Can I save extra points? Where do you do this? Can I even join a Club where I have resales only?
This may sound silly to a seasoned owner, but I have no idea how it all works. Looking forward to hearing from you, Don J


----------



## pedro47 (Nov 15, 2014)

Welcome to TUG website. My suggestion to you is first read your legal documents and then call Diamond International Resorts on their toll free telephone number to see what you  own. Sound like you are a member of DRI Club membership. Good luck.

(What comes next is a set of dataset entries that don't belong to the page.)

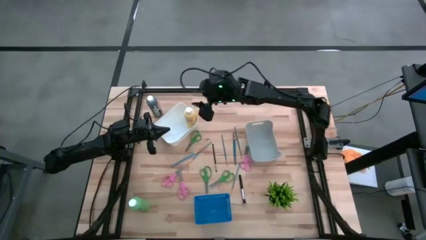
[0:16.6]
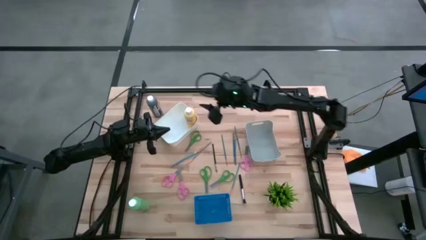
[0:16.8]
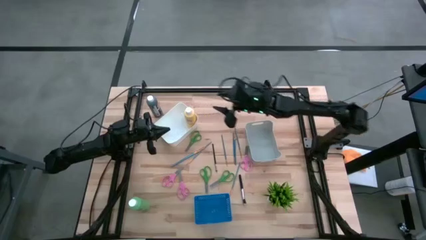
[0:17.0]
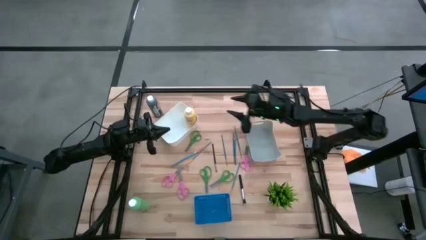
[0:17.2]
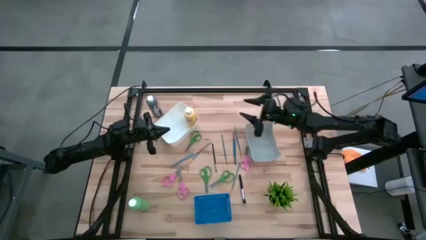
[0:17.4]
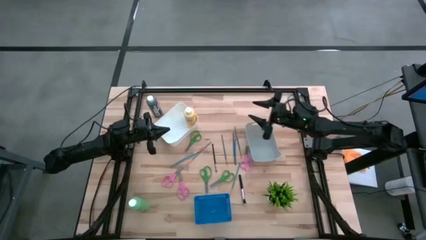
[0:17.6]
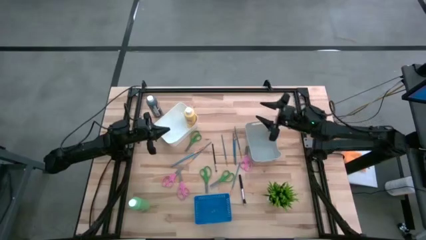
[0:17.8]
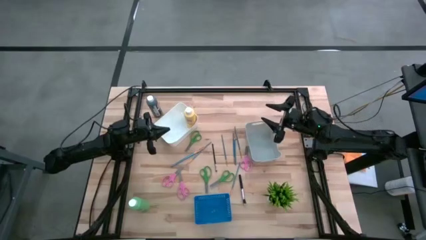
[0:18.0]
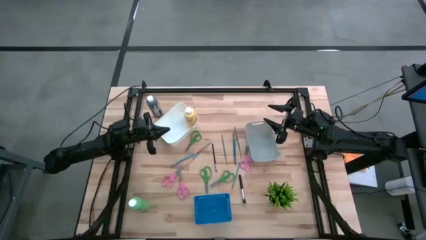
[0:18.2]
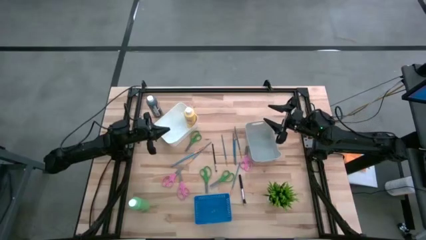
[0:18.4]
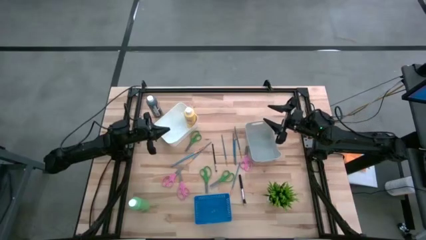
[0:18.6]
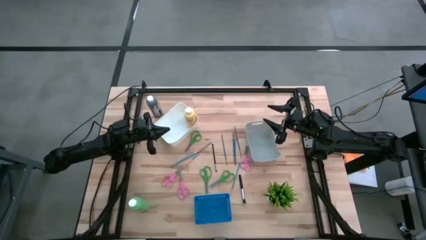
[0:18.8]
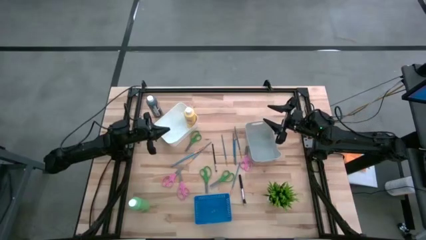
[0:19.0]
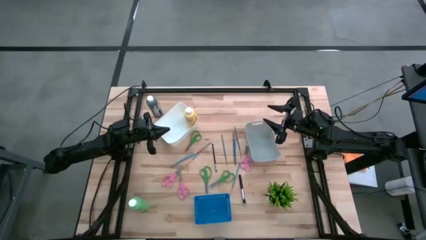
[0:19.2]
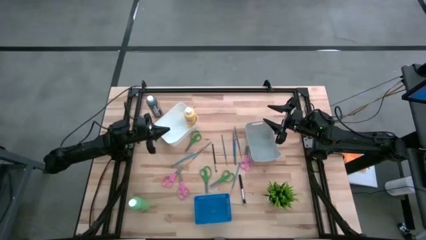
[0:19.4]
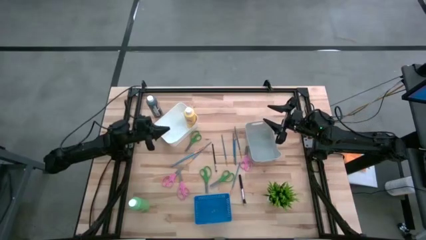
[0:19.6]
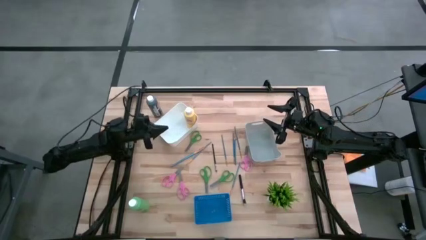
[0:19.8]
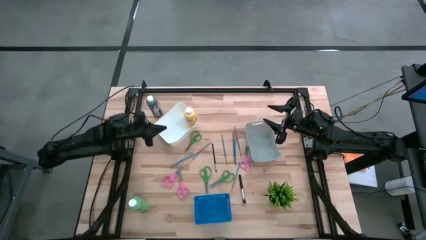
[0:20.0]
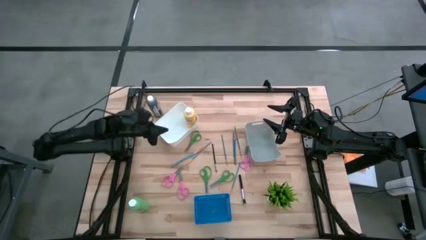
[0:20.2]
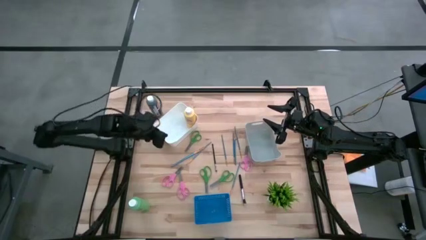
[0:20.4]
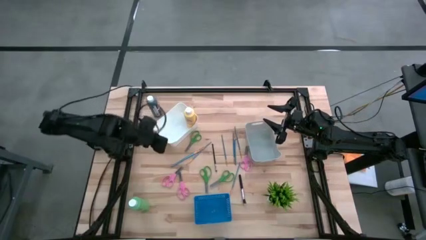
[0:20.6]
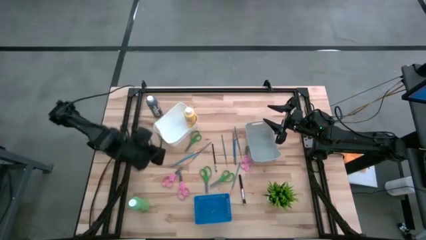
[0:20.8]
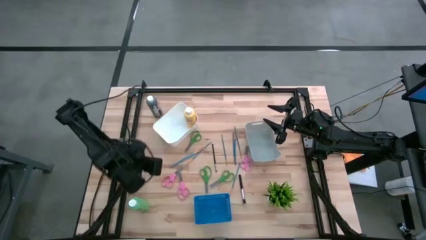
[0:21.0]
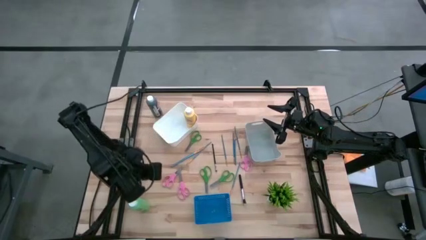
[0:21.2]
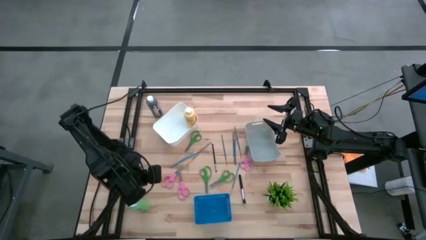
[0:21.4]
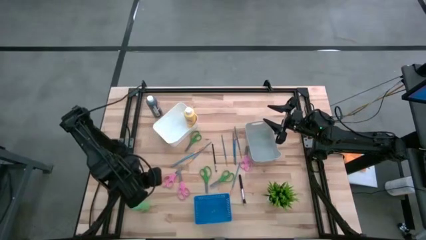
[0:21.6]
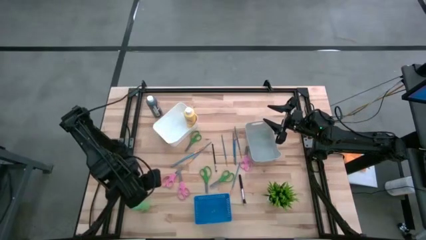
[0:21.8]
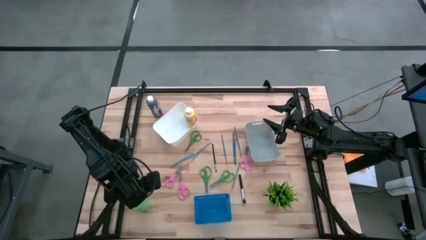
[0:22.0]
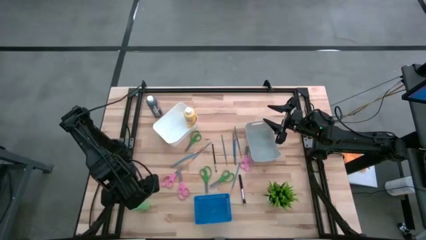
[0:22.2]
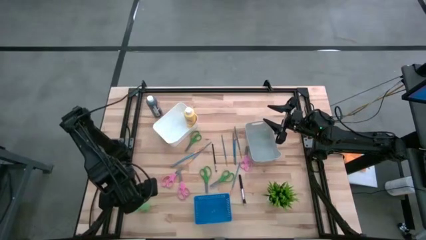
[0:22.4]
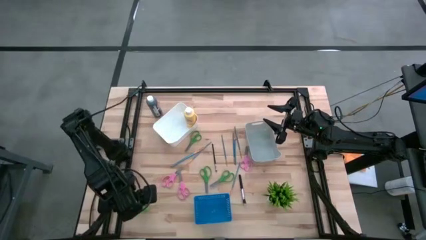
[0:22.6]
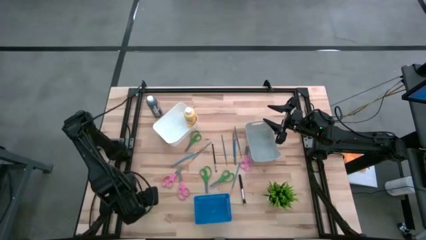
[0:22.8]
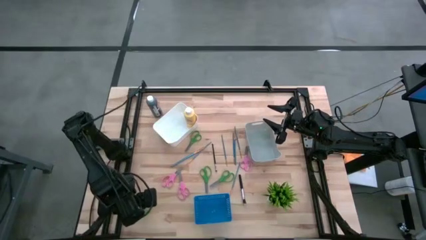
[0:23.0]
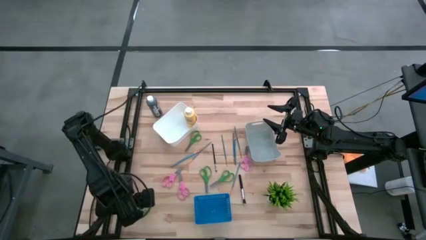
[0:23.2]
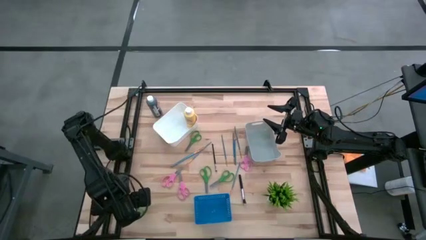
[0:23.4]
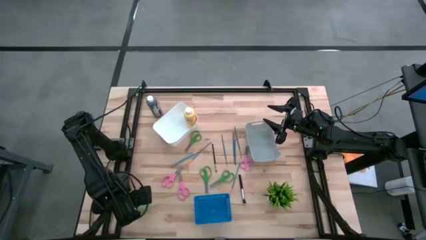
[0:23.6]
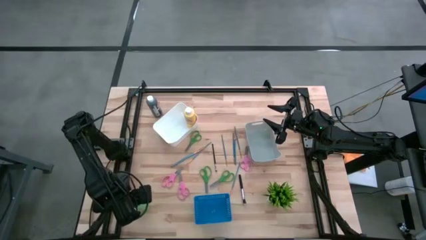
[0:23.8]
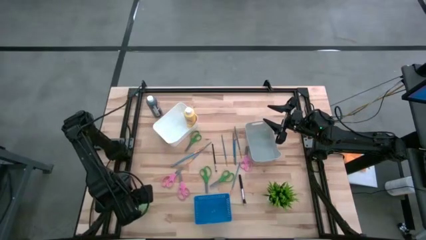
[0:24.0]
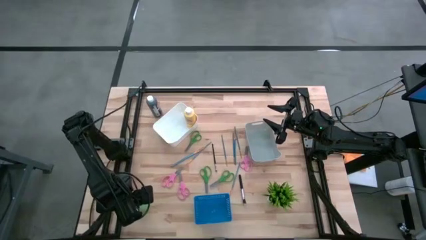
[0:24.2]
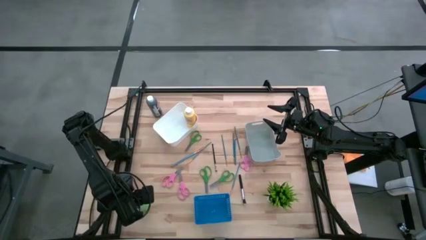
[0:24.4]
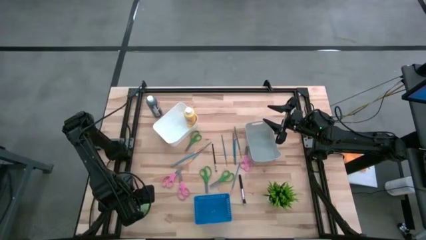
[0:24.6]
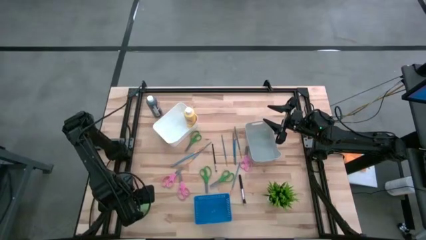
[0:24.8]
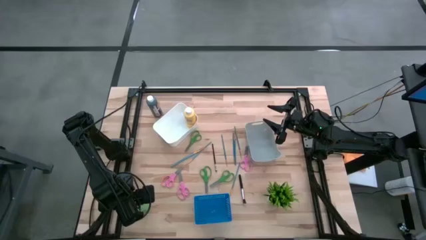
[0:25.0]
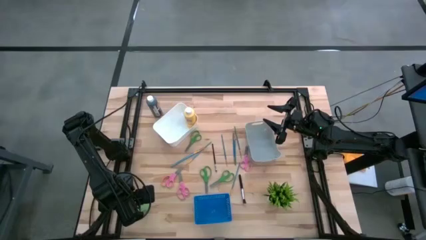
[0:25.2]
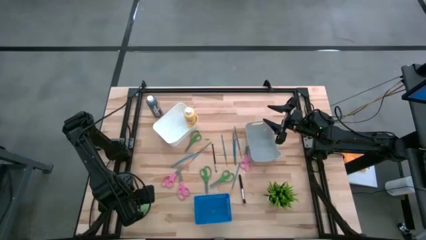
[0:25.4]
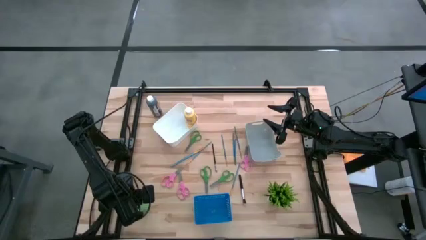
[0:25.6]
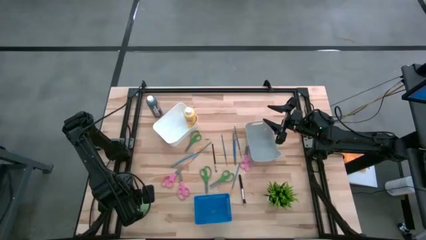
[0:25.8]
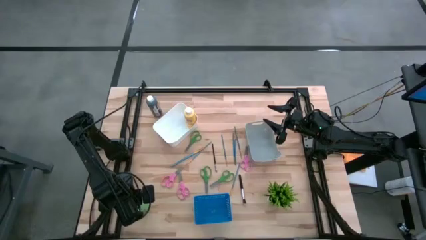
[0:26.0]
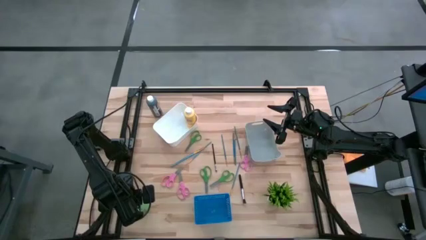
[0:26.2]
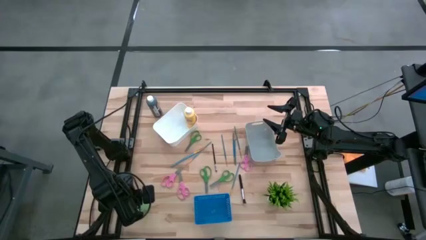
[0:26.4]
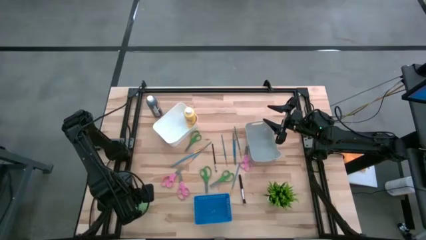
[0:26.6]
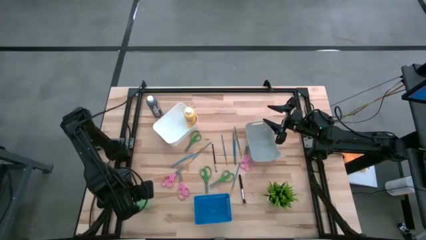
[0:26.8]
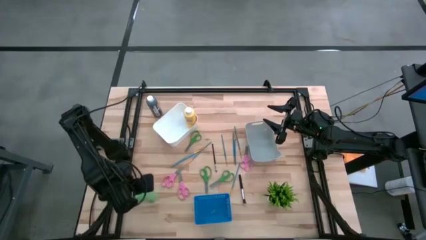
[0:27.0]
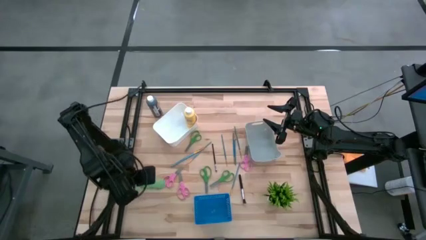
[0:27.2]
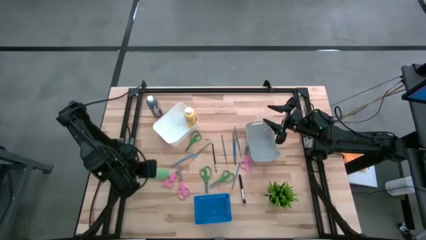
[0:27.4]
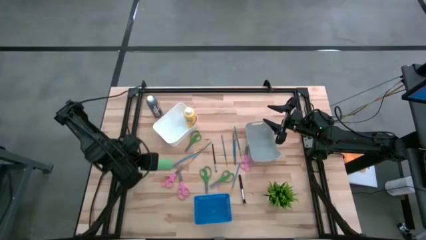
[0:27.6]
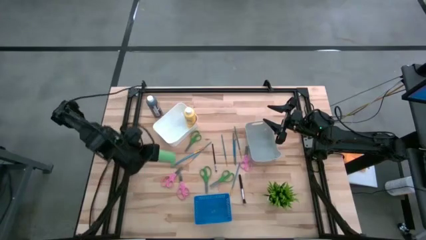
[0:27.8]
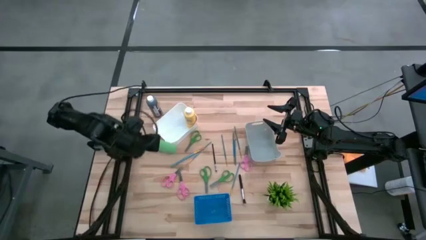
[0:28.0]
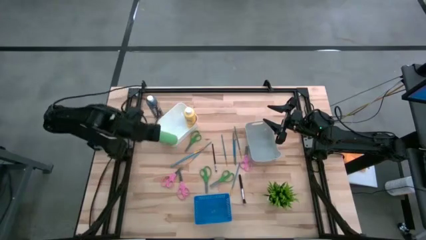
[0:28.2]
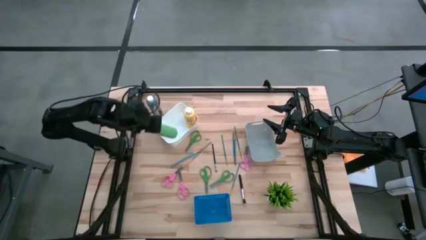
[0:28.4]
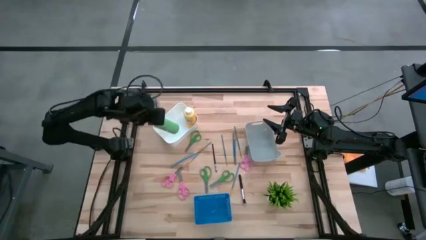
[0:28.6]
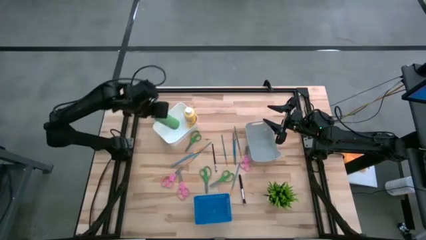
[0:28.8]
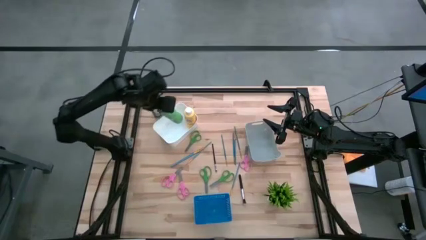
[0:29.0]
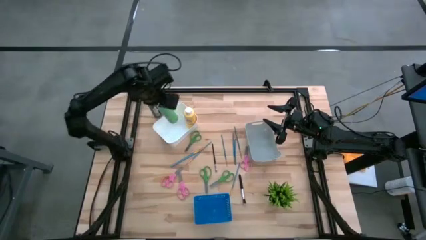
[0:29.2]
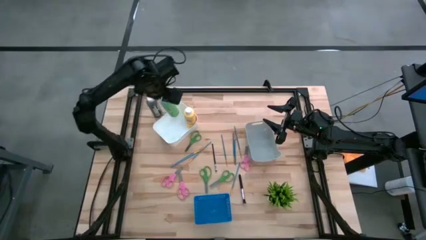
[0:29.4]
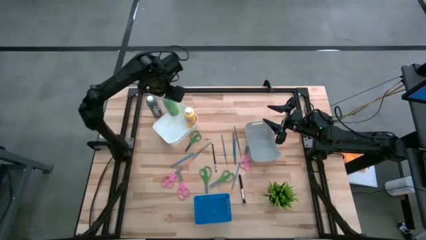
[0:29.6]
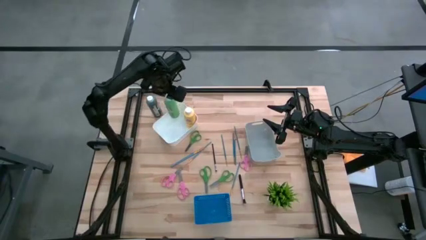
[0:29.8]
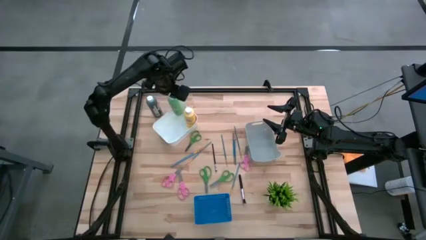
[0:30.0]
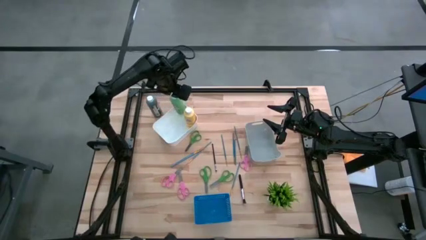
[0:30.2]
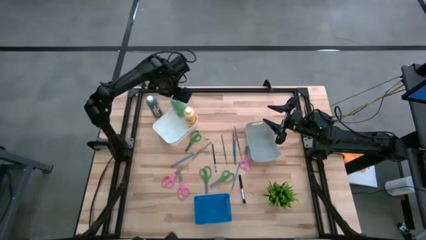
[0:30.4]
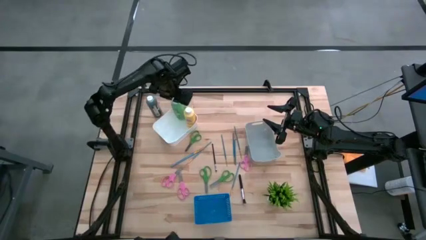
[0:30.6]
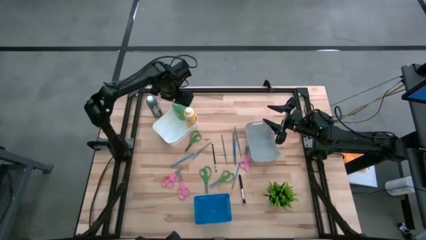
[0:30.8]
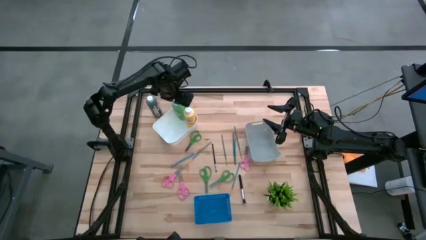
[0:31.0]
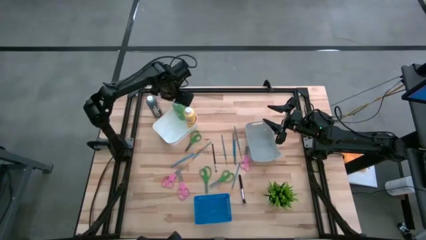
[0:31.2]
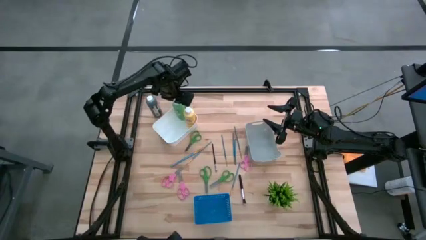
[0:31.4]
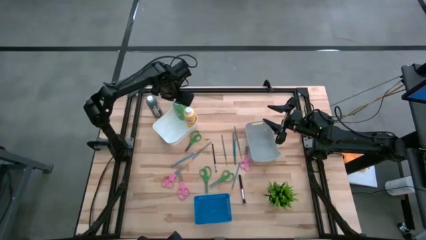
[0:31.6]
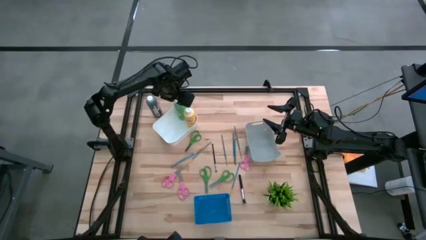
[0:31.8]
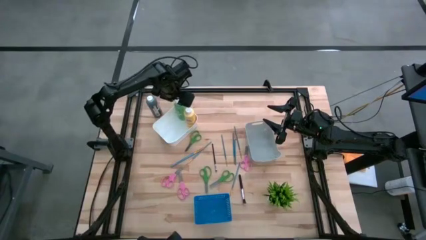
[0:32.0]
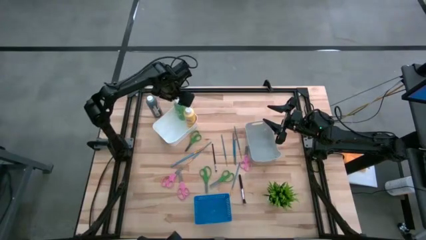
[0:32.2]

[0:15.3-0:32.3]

I also believe you own at Cypress Grande Villa resort in Orlando, Florida. The official name is Grande Villas Resort . It is located on Turtle Cay in Orlando,  Florida.


----------



## Donaldlee (Nov 15, 2014)

You're right about the name. On the deed it had to have Cyprus in it since the former deed had it. Apparently when the resort was redone it was also renamed. I wasn't sure if you would be a member of DRI if you purchased resale. I might be getting that mixed up with "The Club" membership. Thanks, Don J


----------



## dwojo (Nov 15, 2014)

As Pedro47 wrote check your deeds to see what you are entitled to. Then contact DRI to verify the information. They will try to get you to buy into the club buy purchasing points to bring what you own into the club. If you only want to go to Grande Villas do not join the club. If other destinations are a possibility for you research the club to see if it would work for you. There are also exchange companies you can join for a yearly fee.


----------



## Donaldlee (Nov 15, 2014)

Great, thank you both, it helps knowing which direction I should go. Don J


----------